** AIM OF THE EXERCISE **
Reproduce the records precisely. Omit every picture.

Source records:
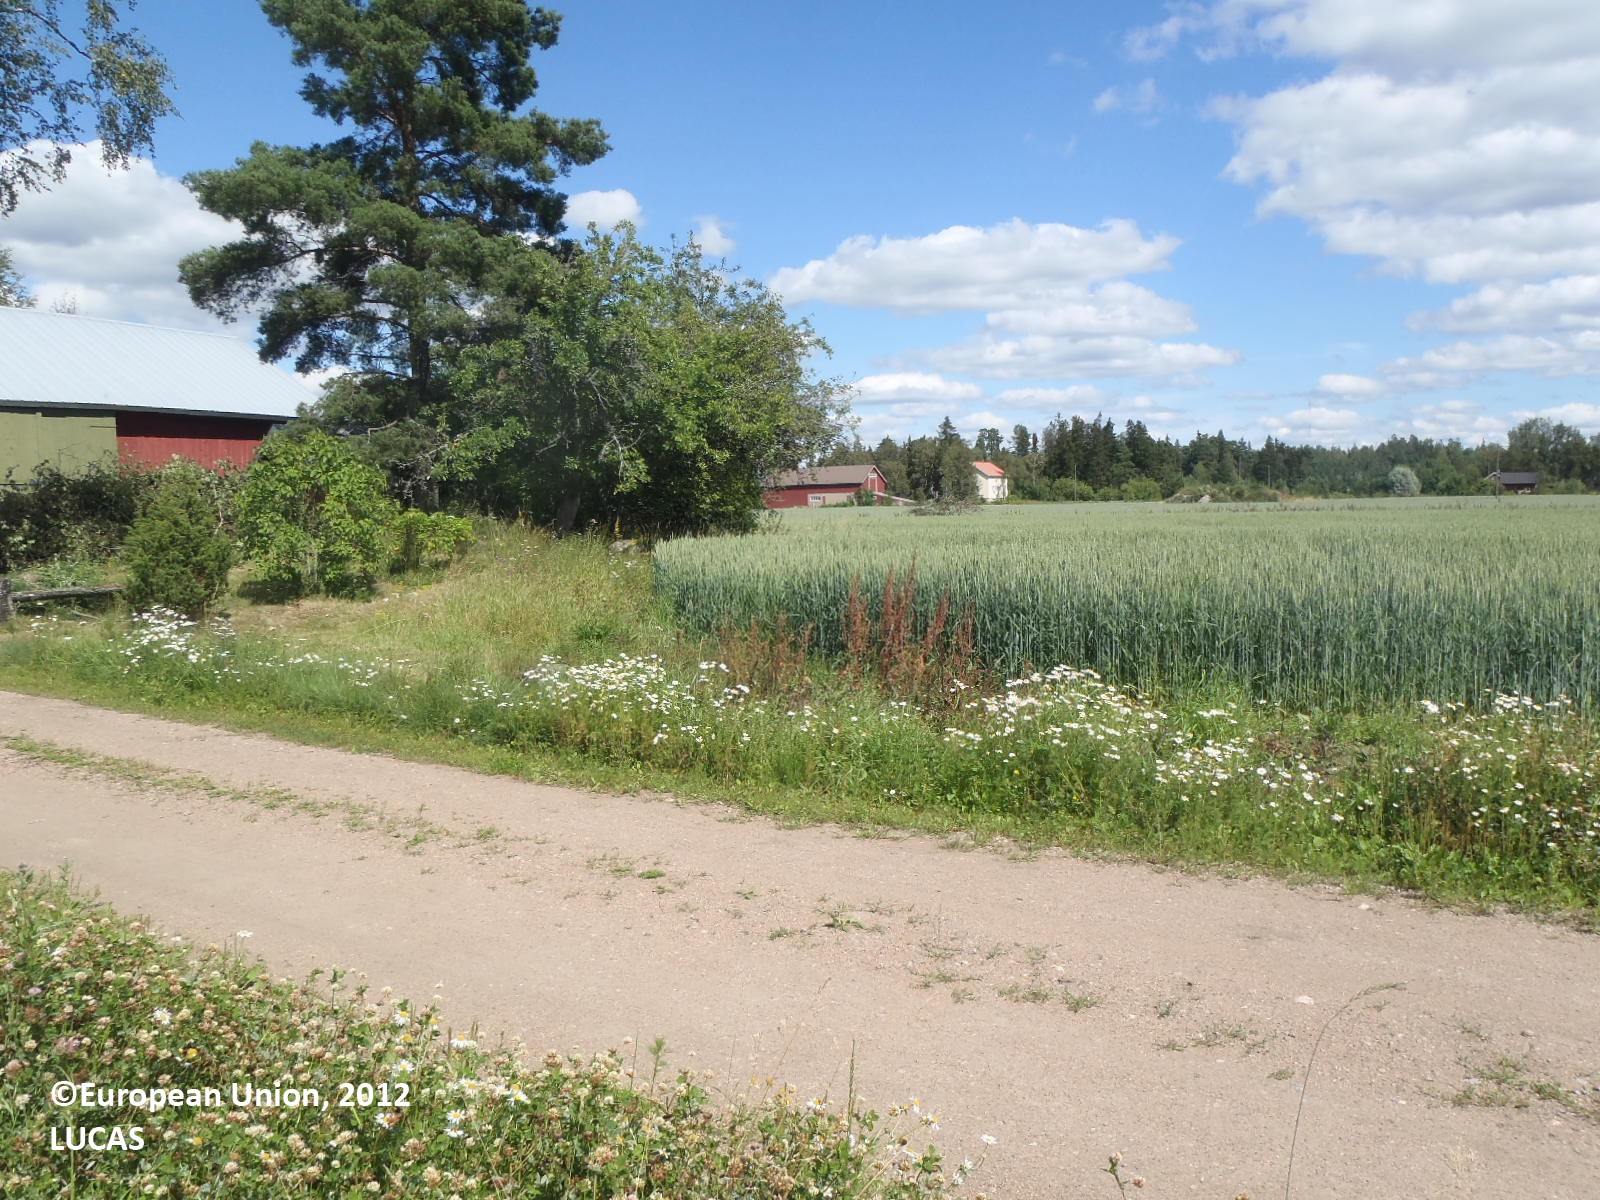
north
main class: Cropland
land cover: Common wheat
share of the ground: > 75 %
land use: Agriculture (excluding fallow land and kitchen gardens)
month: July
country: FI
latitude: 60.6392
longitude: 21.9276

** ANSWER SECTION **
north
main class: Cropland
land cover: Common wheat
share of the ground: > 75 %
land use: Agriculture (excluding fallow land and kitchen gardens)
month: July
country: FI
latitude: 60.6392
longitude: 21.9276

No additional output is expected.